Unfortunately, the time was passing more quickly than we would have liked and I had to take on the role of the nag and the bitch to ensure that we made it to the location of the bus that was to take us back to the ship. Of course, Gila was constantly noticing things that pulled her away from my objective of getting to the bus. I developed a new strategy. Whenever Gila wanted to stop, I said no and did not stop. I just kept walking although I did slow down until she caught up. We hadn't had lunch and she wanted to stop for a hot dog. I told her that if we reached the bus on time, the reward would be the McDonalds found at our meeting place. We actually made it with 15 minutes to spare. In a lot, we saw a series of buses and assumed one was ours. While Gila looked for food, I headed to the buses to find that none of them were Gate 1 vehicles. I began to wander further along the street and noticed a Gate 1 sign beckoning me alluringly from the doorway. I then had to find Gila to make sure she didn't go to the wrong place. Ironically, when Gila reached the bus, the driver would not allow food on the bus and Gila had to eat her doner on the sidewalk.
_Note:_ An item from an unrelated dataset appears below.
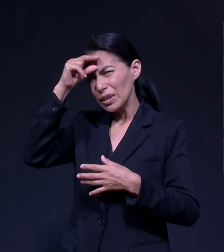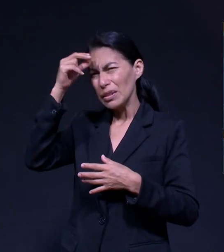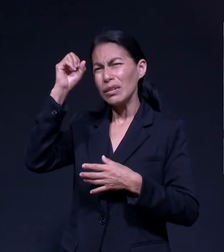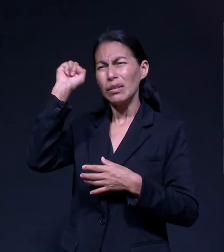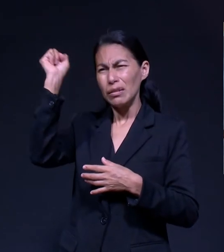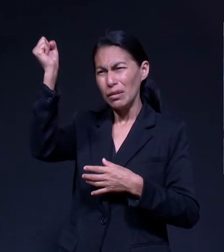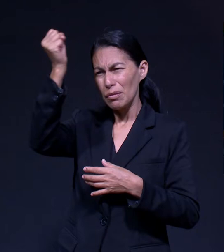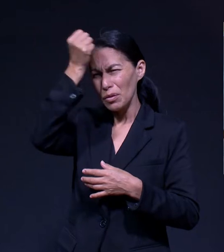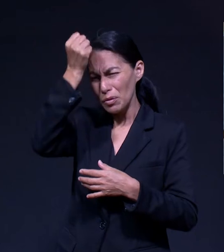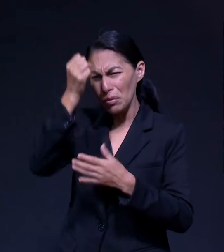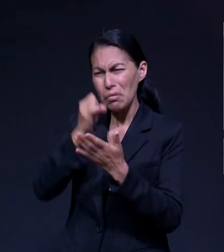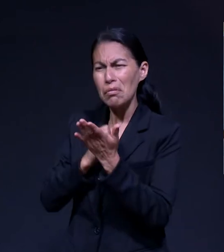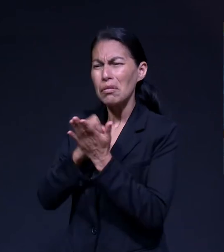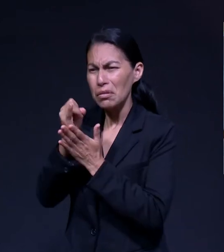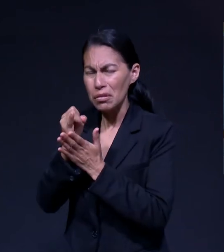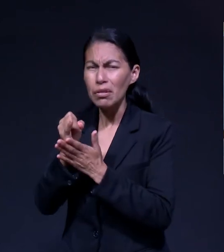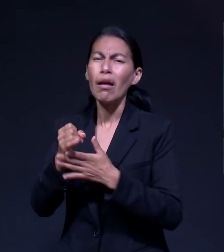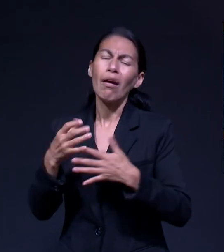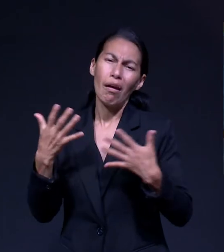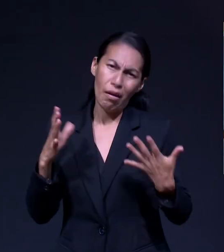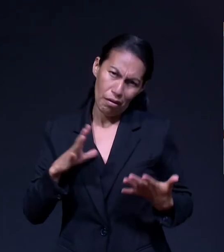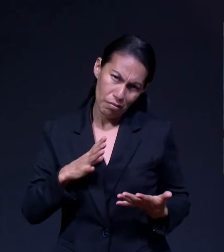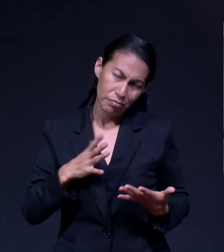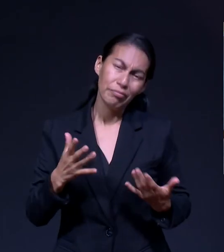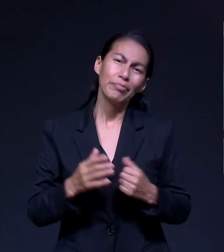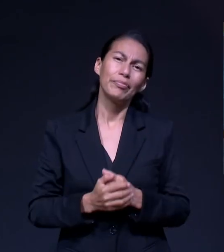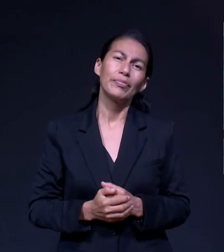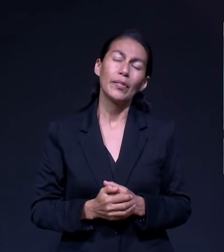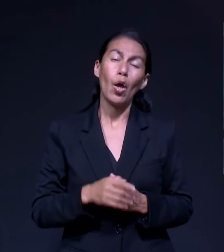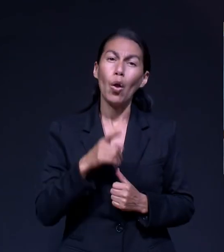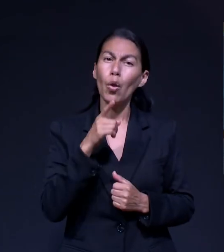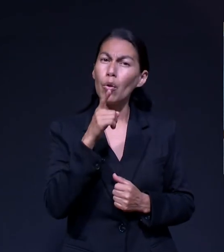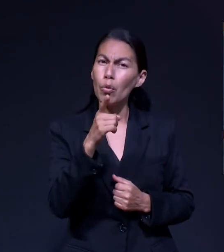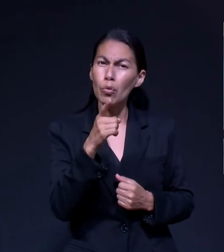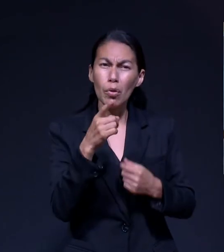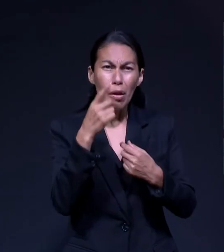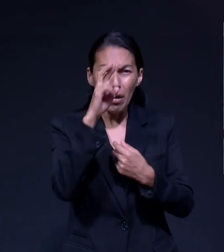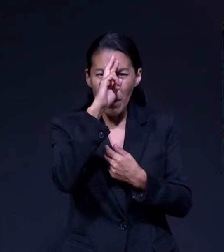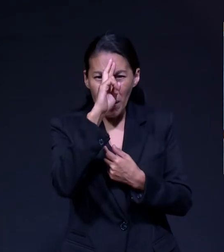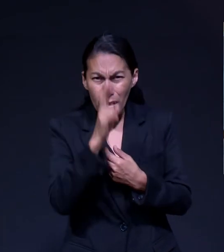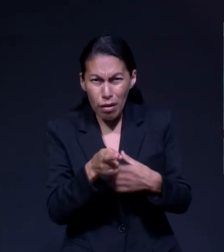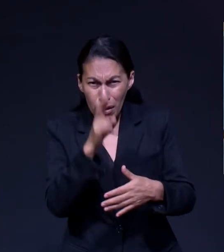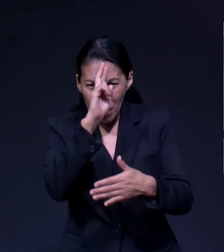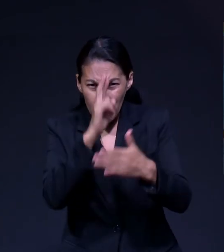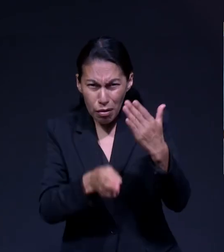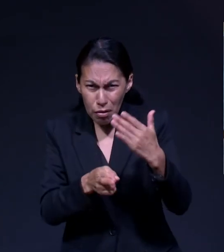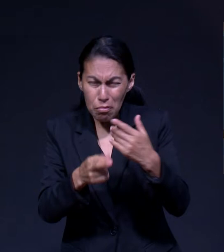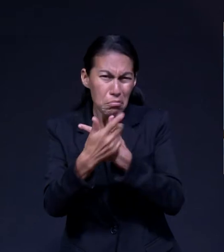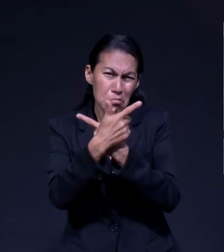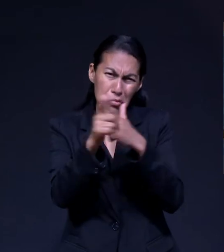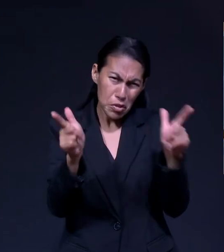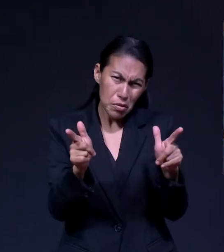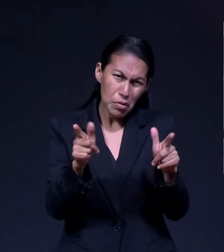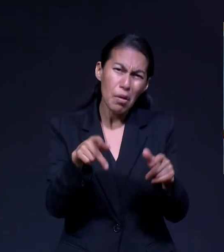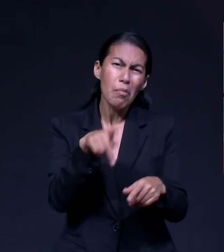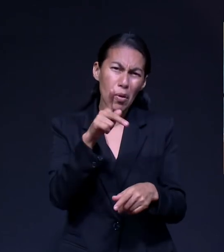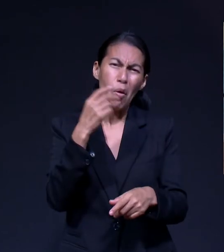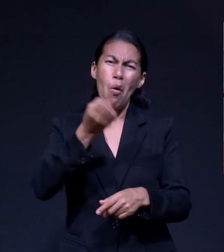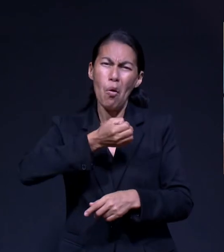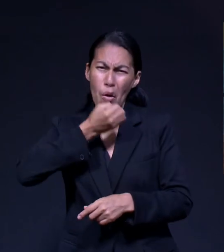Es importante la práctica de la oración Esta noche hablaremos de esto con Mariela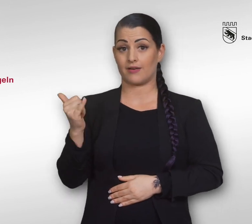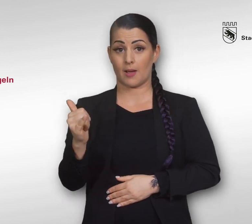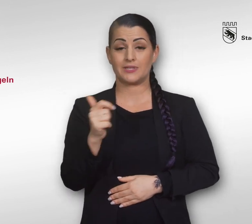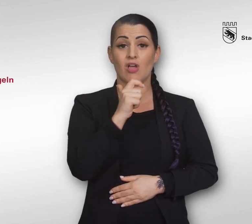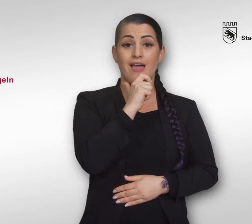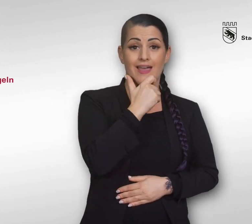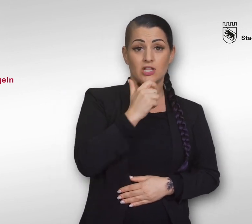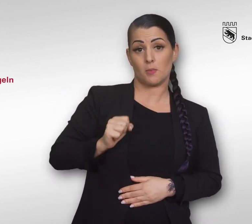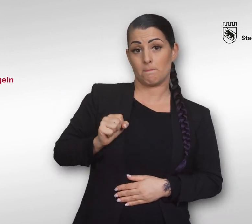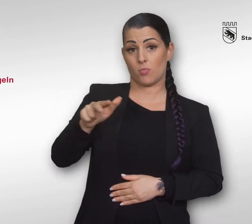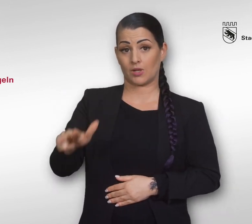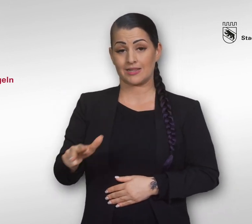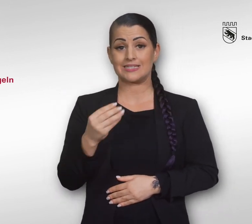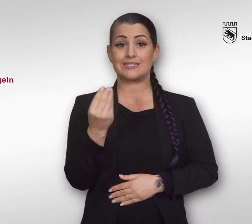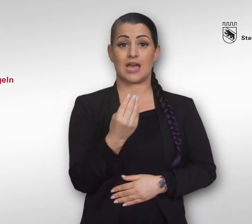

                                                    
                                                        Location of our bus 

The ride back to the boat was uneventful. When it was time to exit the bus, I found that I was so stiff I could barely walk. A shower helped to refresh me but did little about my stiffness. Dinner  improved my mood, but I'm hoping that I will not need a wheelchair to do the tour of Budapest tomorrow. We are now in the home stretch.